Nino Konis Santana acreditou com convicção de que os seus sonhos ja eram parte das suas ambições, e uma delas é Libertar a sua querida Patria e o seu Povo amado, "My only ambition is to Free our People".

- Dalia Kiakilir 


Relembrar Nino Konis Santana!  
N.a 12 Janeiro de 1957, F.a. 11 de Março 1998 

O Comandante das FALINTIL, Nino Konis Santana, nome gentílico, nasceu em 1957 em Veru, sub-distrito de Tutuala, distrito de Lautém, próximo de Lospalos. Morreu a 11 de Março de 1998, no seu abrigo da Luta contra a ocupação indonésia, em Mertuto, Ermera. Filho de Poko Tana e de Jee Makaru, foi baptizado, na Capela de Tutuala, a três de Março de 1964, sob o nome de Antoninho Santana.

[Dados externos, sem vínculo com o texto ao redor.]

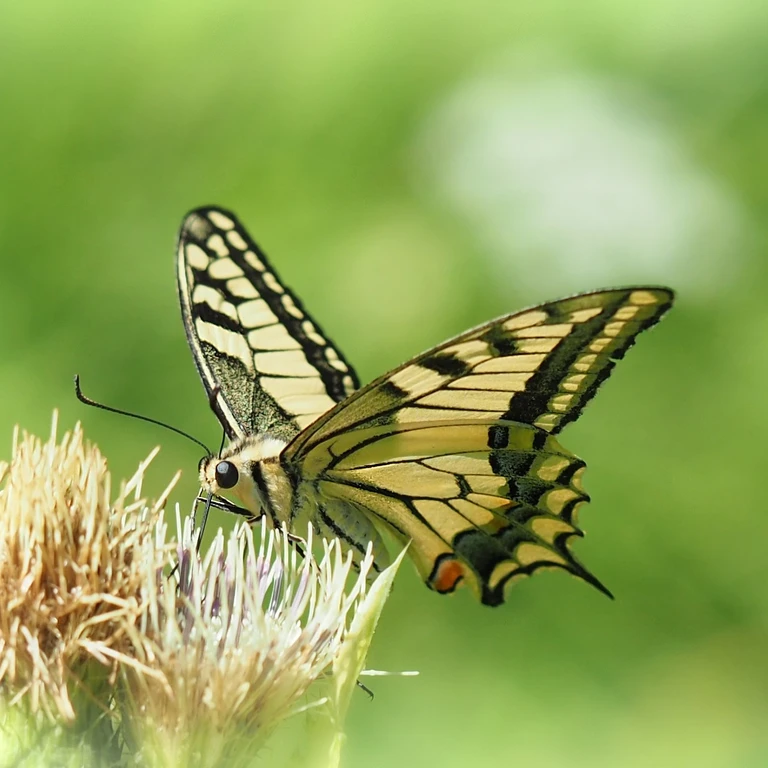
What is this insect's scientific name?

As primeiras letras aprendeu-as num posto escolar de Tutuala, tendo transitado para o colégio dos padres salesianos de Fuiloro, onde completou a 4ª classe. Posteriormente foi para uma escola particular em Dili, fundada por Xavier do Amaral - nomeado presidente da República Democrática de Timor-Leste aquando da proclamação unilateral da independência em 1975 - tendo completado o curso de professor primário no ano de 1974-1975, na Escola Canto Resende.

Aderiu à FRETILIN em finais de 1975, tendo sido dirigente da UNETIM (União Nacional dos Estudantes de Timor-Leste) e membro da OPJT (Organização Popular da Juventude Timorense).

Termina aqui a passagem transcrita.